### EXERCISE
Return exactly the lines of the records below, starting at the line that contains "#5328 = VERTEX_POINT ( 'NONE', #12208 ) ;" and ending at the line that contains "#10758 = EDGE_LOOP", with both of those lines kept.

--- --- ---

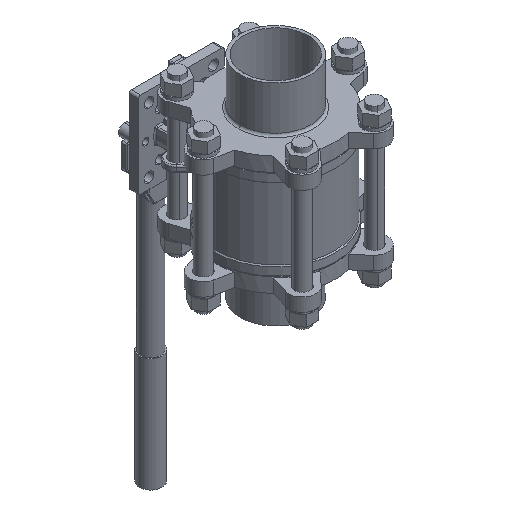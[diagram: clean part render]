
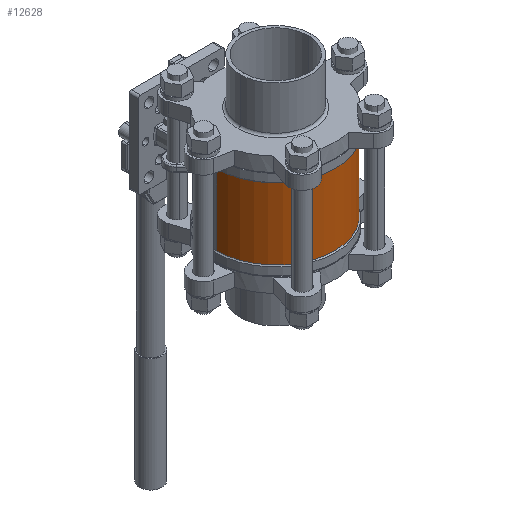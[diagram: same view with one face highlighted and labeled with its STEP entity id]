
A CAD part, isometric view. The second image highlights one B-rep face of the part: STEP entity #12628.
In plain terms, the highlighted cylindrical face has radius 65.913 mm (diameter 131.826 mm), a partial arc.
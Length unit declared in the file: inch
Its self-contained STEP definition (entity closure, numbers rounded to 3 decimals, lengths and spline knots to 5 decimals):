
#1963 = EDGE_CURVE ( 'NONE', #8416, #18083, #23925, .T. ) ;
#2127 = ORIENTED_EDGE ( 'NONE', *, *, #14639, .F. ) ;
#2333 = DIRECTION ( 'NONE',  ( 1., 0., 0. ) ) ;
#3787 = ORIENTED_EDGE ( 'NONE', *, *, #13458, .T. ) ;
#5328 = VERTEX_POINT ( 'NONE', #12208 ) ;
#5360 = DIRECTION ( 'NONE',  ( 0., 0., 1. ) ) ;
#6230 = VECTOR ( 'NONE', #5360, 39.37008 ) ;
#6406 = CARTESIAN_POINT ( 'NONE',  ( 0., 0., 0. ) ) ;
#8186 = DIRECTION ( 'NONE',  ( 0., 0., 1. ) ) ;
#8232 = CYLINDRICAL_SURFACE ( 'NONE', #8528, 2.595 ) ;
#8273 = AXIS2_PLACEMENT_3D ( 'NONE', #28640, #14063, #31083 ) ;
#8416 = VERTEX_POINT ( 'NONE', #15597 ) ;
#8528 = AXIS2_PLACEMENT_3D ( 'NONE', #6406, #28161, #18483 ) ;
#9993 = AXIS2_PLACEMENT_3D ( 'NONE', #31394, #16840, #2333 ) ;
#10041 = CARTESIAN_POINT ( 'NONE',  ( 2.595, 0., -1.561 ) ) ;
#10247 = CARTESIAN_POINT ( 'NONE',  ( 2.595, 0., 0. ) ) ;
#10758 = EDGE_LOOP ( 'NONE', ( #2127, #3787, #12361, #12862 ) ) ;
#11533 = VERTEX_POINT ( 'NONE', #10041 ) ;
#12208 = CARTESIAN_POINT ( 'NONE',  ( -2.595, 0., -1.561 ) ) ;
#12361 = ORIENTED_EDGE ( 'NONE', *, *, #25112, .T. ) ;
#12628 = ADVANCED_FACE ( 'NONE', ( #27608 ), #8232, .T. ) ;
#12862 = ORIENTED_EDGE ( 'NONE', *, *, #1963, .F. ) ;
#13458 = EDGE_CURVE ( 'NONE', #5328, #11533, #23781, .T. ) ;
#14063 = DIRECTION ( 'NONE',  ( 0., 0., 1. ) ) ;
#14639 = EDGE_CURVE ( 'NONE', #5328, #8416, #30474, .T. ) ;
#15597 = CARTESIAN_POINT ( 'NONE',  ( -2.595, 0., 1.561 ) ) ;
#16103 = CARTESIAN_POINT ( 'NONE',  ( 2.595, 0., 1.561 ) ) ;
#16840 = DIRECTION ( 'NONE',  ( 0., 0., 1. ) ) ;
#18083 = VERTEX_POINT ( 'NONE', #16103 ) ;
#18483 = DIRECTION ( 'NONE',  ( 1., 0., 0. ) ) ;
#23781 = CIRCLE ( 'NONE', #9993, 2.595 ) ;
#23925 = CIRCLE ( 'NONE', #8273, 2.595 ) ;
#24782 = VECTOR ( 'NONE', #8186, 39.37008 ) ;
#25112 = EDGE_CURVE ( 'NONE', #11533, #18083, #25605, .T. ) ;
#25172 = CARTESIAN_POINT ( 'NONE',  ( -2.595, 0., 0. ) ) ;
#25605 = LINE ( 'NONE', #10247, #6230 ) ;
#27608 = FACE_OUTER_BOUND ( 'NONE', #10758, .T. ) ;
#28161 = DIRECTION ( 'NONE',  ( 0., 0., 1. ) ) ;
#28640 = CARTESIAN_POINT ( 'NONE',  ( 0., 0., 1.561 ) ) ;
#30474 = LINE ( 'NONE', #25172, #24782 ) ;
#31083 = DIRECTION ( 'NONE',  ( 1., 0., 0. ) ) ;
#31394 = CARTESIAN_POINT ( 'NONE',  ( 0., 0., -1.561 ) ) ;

--- --- ---

### WORKED SOLUTION
#5328 = VERTEX_POINT ( 'NONE', #12208 ) ;
#5360 = DIRECTION ( 'NONE',  ( 0., 0., 1. ) ) ;
#6230 = VECTOR ( 'NONE', #5360, 39.37008 ) ;
#6406 = CARTESIAN_POINT ( 'NONE',  ( 0., 0., 0. ) ) ;
#8186 = DIRECTION ( 'NONE',  ( 0., 0., 1. ) ) ;
#8232 = CYLINDRICAL_SURFACE ( 'NONE', #8528, 2.595 ) ;
#8273 = AXIS2_PLACEMENT_3D ( 'NONE', #28640, #14063, #31083 ) ;
#8416 = VERTEX_POINT ( 'NONE', #15597 ) ;
#8528 = AXIS2_PLACEMENT_3D ( 'NONE', #6406, #28161, #18483 ) ;
#9993 = AXIS2_PLACEMENT_3D ( 'NONE', #31394, #16840, #2333 ) ;
#10041 = CARTESIAN_POINT ( 'NONE',  ( 2.595, 0., -1.561 ) ) ;
#10247 = CARTESIAN_POINT ( 'NONE',  ( 2.595, 0., 0. ) ) ;
#10758 = EDGE_LOOP ( 'NONE', ( #2127, #3787, #12361, #12862 ) ) ;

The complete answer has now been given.